Alteration in ECM represents another feature of ASM remodelling [12]. ECM is increased in asthma [6], as a result of increased deposition of ECM proteins by airway resident cells, such as epithelial cells, fibroblasts, myofibroblasts, and ASM cells (Table 4). Its composition is different from that of nonasthmatics [139]. Histological examination of asthmatic bronchial samples reveals enhanced deposition of ECM proteins in the bronchial wall, such as collagens I, III, V, fibronectin, tenascin, hyaluronan, versican, laminin, lumican, and biglycan [245, 246], while collagen IV and elastin are decreased [247]. However, conflicting findings have also been reported regarding, the amount of collagen III [248, 249], collagen IV [250] and elastin [251] in the asthmatic bronchial wall. Interestingly, ECM is also increased all around ASM cells regardless of asthma severity [6, 252]. Such increase may be due to decreased matrix metalloproteinases (MMPs), which degrade ECM proteins, and/or increased tissue inhibitors of MMPs (TIMPs). Thus, overexpression of TIMP-1 and TIMP-2 may account for low MMPs activity in asthma [138]. The profile of ECM proteins produced in vitro by asthmatic ASM cells is also different from that of nonasthmatic ASM cells, with more perlecan and collagen I, and less laminin-α1 and collagen IV [253].

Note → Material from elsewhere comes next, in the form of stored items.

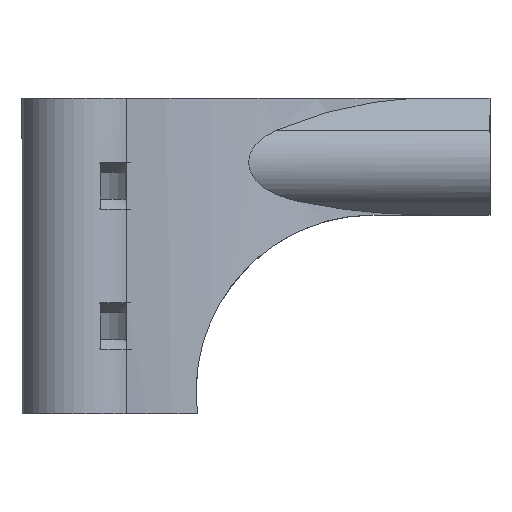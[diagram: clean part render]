
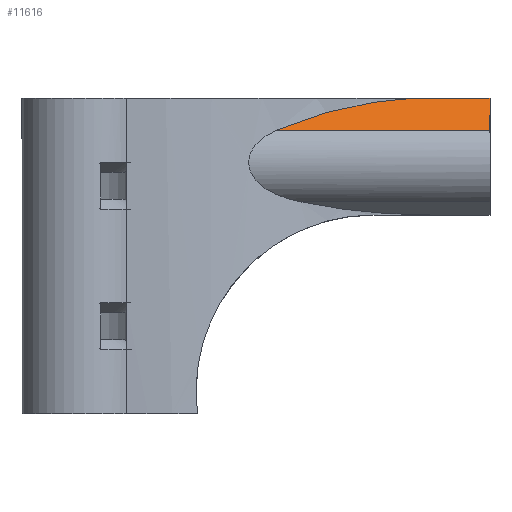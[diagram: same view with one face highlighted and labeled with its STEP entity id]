
A CAD part, left-side view. The second image highlights one B-rep face of the part: STEP entity #11616.
In plain terms, the highlighted planar face has unit normal (-0.707, 0, 0.707).
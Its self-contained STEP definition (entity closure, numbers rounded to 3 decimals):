
#901 = PLANE('',#902);
#902 = AXIS2_PLACEMENT_3D('',#903,#904,#905);
#903 = CARTESIAN_POINT('',(0.,70.,54.));
#904 = DIRECTION('',(0.,0.,1.));
#905 = DIRECTION('',(1.,0.,0.));
#1983 = VERTEX_POINT('',#1984);
#1984 = CARTESIAN_POINT('',(-28.,10.,54.));
#1999 = CYLINDRICAL_SURFACE('',#2000,66.569);
#2000 = AXIS2_PLACEMENT_3D('',#2001,#2002,#2003);
#2001 = CARTESIAN_POINT('',(-94.569,10.,0.));
#2002 = DIRECTION('',(0.,0.,-1.));
#2003 = DIRECTION('',(1.,0.,0.));
#2011 = EDGE_CURVE('',#2012,#1983,#2014,.T.);
#2012 = VERTEX_POINT('',#2013);
#2013 = CARTESIAN_POINT('',(-28.,0.,54.));
#2014 = SURFACE_CURVE('',#2015,(#2019,#2026),.PCURVE_S1.);
#2015 = LINE('',#2016,#2017);
#2016 = CARTESIAN_POINT('',(-28.,0.,54.));
#2017 = VECTOR('',#2018,1.);
#2018 = DIRECTION('',(0.,1.,0.));
#2019 = PCURVE('',#901,#2020);
#2020 = DEFINITIONAL_REPRESENTATION('',(#2021),#2025);
#2021 = LINE('',#2022,#2023);
#2022 = CARTESIAN_POINT('',(-28.,-70.));
#2023 = VECTOR('',#2024,1.);
#2024 = DIRECTION('',(0.,1.));
#2025 = ( GEOMETRIC_REPRESENTATION_CONTEXT(2) 
PARAMETRIC_REPRESENTATION_CONTEXT() REPRESENTATION_CONTEXT('2D SPACE',''
  ) );
#2026 = PCURVE('',#2027,#2032);
#2027 = PLANE('',#2028);
#2028 = AXIS2_PLACEMENT_3D('',#2029,#2030,#2031);
#2029 = CARTESIAN_POINT('',(-33.5,0.,
    48.5));
#2030 = DIRECTION('',(0.707,0.,-0.707));
#2031 = DIRECTION('',(0.707,0.,0.707)
  );
#2032 = DEFINITIONAL_REPRESENTATION('',(#2033),#2037);
#2033 = LINE('',#2034,#2035);
#2034 = CARTESIAN_POINT('',(7.778,0.));
#2035 = VECTOR('',#2036,1.);
#2036 = DIRECTION('',(0.,-1.));
#2037 = ( GEOMETRIC_REPRESENTATION_CONTEXT(2) 
PARAMETRIC_REPRESENTATION_CONTEXT() REPRESENTATION_CONTEXT('2D SPACE',''
  ) );
#9685 = CYLINDRICAL_SURFACE('',#9686,7.778);
#9686 = AXIS2_PLACEMENT_3D('',#9687,#9688,#9689);
#9687 = CARTESIAN_POINT('',(-28.,0.,43.));
#9688 = DIRECTION('',(0.,-1.,0.));
#9689 = DIRECTION('',(1.,0.,0.));
#10245 = VERTEX_POINT('',#10246);
#10246 = CARTESIAN_POINT('',(-33.5,36.495,
    48.5));
#10660 = EDGE_CURVE('',#10245,#1983,#10661,.T.);
#10661 = SURFACE_CURVE('',#10662,(#10667,#10680),.PCURVE_S1.);
#10662 = ELLIPSE('',#10663,94.143,66.569);
#10663 = AXIS2_PLACEMENT_3D('',#10664,#10665,#10666);
#10664 = CARTESIAN_POINT('',(-94.569,10.,-12.569));
#10665 = DIRECTION('',(0.707,0.,-0.707));
#10666 = DIRECTION('',(-0.707,0.,-0.707));
#10667 = PCURVE('',#1999,#10668);
#10668 = DEFINITIONAL_REPRESENTATION('',(#10669),#10679);
#10669 = B_SPLINE_CURVE_WITH_KNOTS('',8,(#10670,#10671,#10672,#10673,
    #10674,#10675,#10676,#10677,#10678),.UNSPECIFIED.,.F.,.F.,(9,9),(
    2.712,3.142),.PIECEWISE_BEZIER_KNOTS.);
#10670 = CARTESIAN_POINT('',(-0.43,-47.95));
#10671 = CARTESIAN_POINT('',(-0.376,-49.439));
#10672 = CARTESIAN_POINT('',(-0.322,-50.729));
#10673 = CARTESIAN_POINT('',(-0.269,-51.812));
#10674 = CARTESIAN_POINT('',(-0.215,-52.685));
#10675 = CARTESIAN_POINT('',(-0.161,-53.342));
#10676 = CARTESIAN_POINT('',(-0.107,-53.781));
#10677 = CARTESIAN_POINT('',(-0.054,-54.));
#10678 = CARTESIAN_POINT('',(0.,-54.));
#10679 = ( GEOMETRIC_REPRESENTATION_CONTEXT(2) 
PARAMETRIC_REPRESENTATION_CONTEXT() REPRESENTATION_CONTEXT('2D SPACE',''
  ) );
#10680 = PCURVE('',#2027,#10681);
#10681 = DEFINITIONAL_REPRESENTATION('',(#10682),#10686);
#10682 = ELLIPSE('',#10683,94.143,66.569);
#10683 = AXIS2_PLACEMENT_2D('',#10684,#10685);
#10684 = CARTESIAN_POINT('',(-86.365,-10.));
#10685 = DIRECTION('',(-1.,0.));
#10686 = ( GEOMETRIC_REPRESENTATION_CONTEXT(2) 
PARAMETRIC_REPRESENTATION_CONTEXT() REPRESENTATION_CONTEXT('2D SPACE',''
  ) );
#11616 = ADVANCED_FACE('',(#11617),#2027,.F.);
#11617 = FACE_BOUND('',#11618,.F.);
#11618 = EDGE_LOOP('',(#11619,#11647,#11668,#11669));
#11619 = ORIENTED_EDGE('',*,*,#11620,.F.);
#11620 = EDGE_CURVE('',#11621,#2012,#11623,.T.);
#11621 = VERTEX_POINT('',#11622);
#11622 = CARTESIAN_POINT('',(-33.5,0.,
    48.5));
#11623 = SURFACE_CURVE('',#11624,(#11628,#11635),.PCURVE_S1.);
#11624 = LINE('',#11625,#11626);
#11625 = CARTESIAN_POINT('',(-33.5,0.,
    48.5));
#11626 = VECTOR('',#11627,1.);
#11627 = DIRECTION('',(0.707,0.,0.707
    ));
#11628 = PCURVE('',#2027,#11629);
#11629 = DEFINITIONAL_REPRESENTATION('',(#11630),#11634);
#11630 = LINE('',#11631,#11632);
#11631 = CARTESIAN_POINT('',(0.,0.));
#11632 = VECTOR('',#11633,1.);
#11633 = DIRECTION('',(1.,0.));
#11634 = ( GEOMETRIC_REPRESENTATION_CONTEXT(2) 
PARAMETRIC_REPRESENTATION_CONTEXT() REPRESENTATION_CONTEXT('2D SPACE',''
  ) );
#11635 = PCURVE('',#11636,#11641);
#11636 = PLANE('',#11637);
#11637 = AXIS2_PLACEMENT_3D('',#11638,#11639,#11640);
#11638 = CARTESIAN_POINT('',(-33.5,0.,
    48.5));
#11639 = DIRECTION('',(0.,-1.,0.));
#11640 = DIRECTION('',(0.,0.,-1.));
#11641 = DEFINITIONAL_REPRESENTATION('',(#11642),#11646);
#11642 = LINE('',#11643,#11644);
#11643 = CARTESIAN_POINT('',(0.,0.));
#11644 = VECTOR('',#11645,1.);
#11645 = DIRECTION('',(-0.707,0.707));
#11646 = ( GEOMETRIC_REPRESENTATION_CONTEXT(2) 
PARAMETRIC_REPRESENTATION_CONTEXT() REPRESENTATION_CONTEXT('2D SPACE',''
  ) );
#11647 = ORIENTED_EDGE('',*,*,#11648,.T.);
#11648 = EDGE_CURVE('',#11621,#10245,#11649,.T.);
#11649 = SURFACE_CURVE('',#11650,(#11654,#11661),.PCURVE_S1.);
#11650 = LINE('',#11651,#11652);
#11651 = CARTESIAN_POINT('',(-33.5,0.,
    48.5));
#11652 = VECTOR('',#11653,1.);
#11653 = DIRECTION('',(0.,1.,0.));
#11654 = PCURVE('',#2027,#11655);
#11655 = DEFINITIONAL_REPRESENTATION('',(#11656),#11660);
#11656 = LINE('',#11657,#11658);
#11657 = CARTESIAN_POINT('',(0.,0.));
#11658 = VECTOR('',#11659,1.);
#11659 = DIRECTION('',(0.,-1.));
#11660 = ( GEOMETRIC_REPRESENTATION_CONTEXT(2) 
PARAMETRIC_REPRESENTATION_CONTEXT() REPRESENTATION_CONTEXT('2D SPACE',''
  ) );
#11661 = PCURVE('',#9685,#11662);
#11662 = DEFINITIONAL_REPRESENTATION('',(#11663),#11667);
#11663 = LINE('',#11664,#11665);
#11664 = CARTESIAN_POINT('',(2.356,0.));
#11665 = VECTOR('',#11666,1.);
#11666 = DIRECTION('',(0.,-1.));
#11667 = ( GEOMETRIC_REPRESENTATION_CONTEXT(2) 
PARAMETRIC_REPRESENTATION_CONTEXT() REPRESENTATION_CONTEXT('2D SPACE',''
  ) );
#11668 = ORIENTED_EDGE('',*,*,#10660,.T.);
#11669 = ORIENTED_EDGE('',*,*,#2011,.F.);
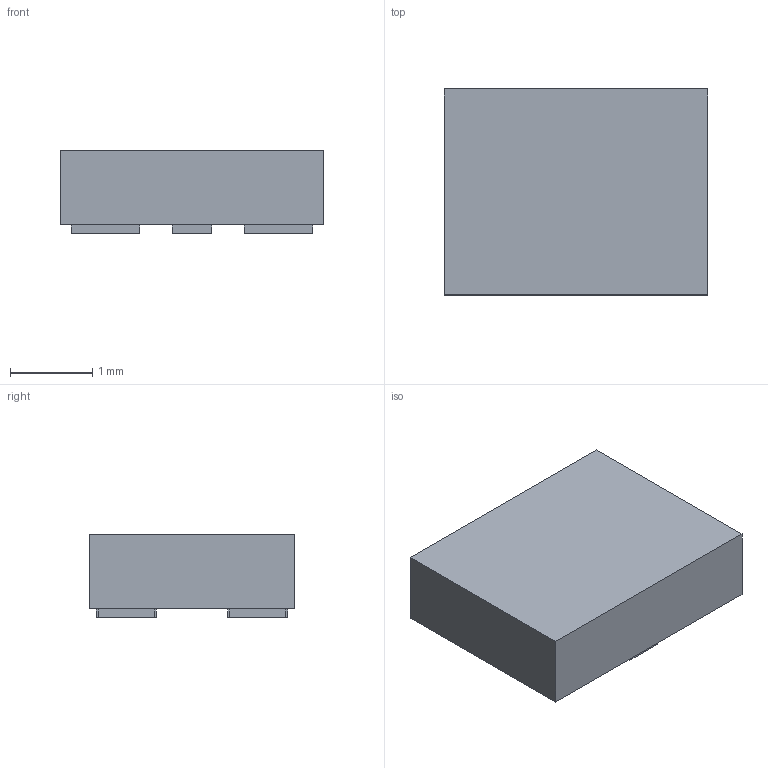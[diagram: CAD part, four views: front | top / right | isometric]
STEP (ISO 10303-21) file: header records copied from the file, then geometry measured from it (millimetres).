
FILE_DESCRIPTION(('FreeCAD Model'),'2;1');
FILE_NAME('1445537.2.3.stp','2021-01-29T13:18:27',( 'Author'),(''),'Open CASCADE STEP processor 6.9','FreeCAD','Unknown' );
FILE_SCHEMA(('AUTOMOTIVE_DESIGN { 1 0 10303 214 1 1 1 1 }'));
Length unit declared in the file: millimetre
Products named in the file (3): ASSEMBLY; Body; Pins
Assembly tree (2 placements, depth 2):
  ASSEMBLY
    Body
    Pins
Bounding box: 3.2 x 2.5 x 1 mm (x, y, z)
Volume: 7.5 mm3; surface area: 33.9 mm2
Topology: 7 solids, 7 shells, 42 faces, 84 edges, 56 vertices
Faces by surface type: plane 42
Entity records: 2261 total; most frequent: CARTESIAN_POINT 353, DIRECTION 342, LINE 252, VECTOR 252, ORIENTED_EDGE 168, PCURVE 168, DEFINITIONAL_REPRESENTATION 168, EDGE_CURVE 84

Nevertheless, whether such alterations in ASM ECM products contribute to modulate composition of the overall bronchial ECM remains unknown. Conversely, increasing evidence supports the role of ECM in modulating several aspects of ASM function [254]. In fact, fibronectin and collagen I have been reported to promote ASM proliferation from nonasthmatic donors in a dose-dependant fashion (Table 5), whereas laminin inhibits growth [255]. Fibronectin, collagens I, IV, and laminin also provide strong survival signals for ASM cells and such an effect is mediated at least in part through the fibronectin receptor/α5β1 integrin [187]. Moreover, ASM cell contact with membranes coated with ECM components, such as fibronectin, collagens III and V, has been shown to enhance ASM migration [233] (Table 6). Synthetic properties of ASM cells may also be modulated by ECM components, such as IL-1β-dependent ASM secretion of CCL5 and CCL11 [256]. More recently, ECM has been involved in triggering ASM maturation to the contractile phenotype upon serum deprivation [257].

5. Conclusion

ASM cell plays a pivotal position in the pathophysiology of asthma as (i) a main effector of AHR, (ii) a proinflammatory and immunomodulatory cell through its synthetic properties and its expression of a wide range of cell surface molecules, and (iii) a leading cell involving in bronchial remodelling. If AHR and bronchial inflammation respond fairly well to conventional therapy such as bronchodilators and anti-inflammatory drugs, ASM remodelling remains insensitive to these treatments [176]. Targeting the various functions of ASM represents therefore a challenge for future asthma treatments [5, 12, 176]. In particular, research needs to focus on ways to prevent and/or reverse ASM remodelling. In this connection, targeting mitochondrial biogenesis and/or developing proapoptotic strategies to induce ASM cell death may represent an attractive area of investigation. In this respect, development of noninvasive tools for quantifying ASM remodelling has received increasing attention in order to evaluate on a long-term basis the efficacy of such treatments [258].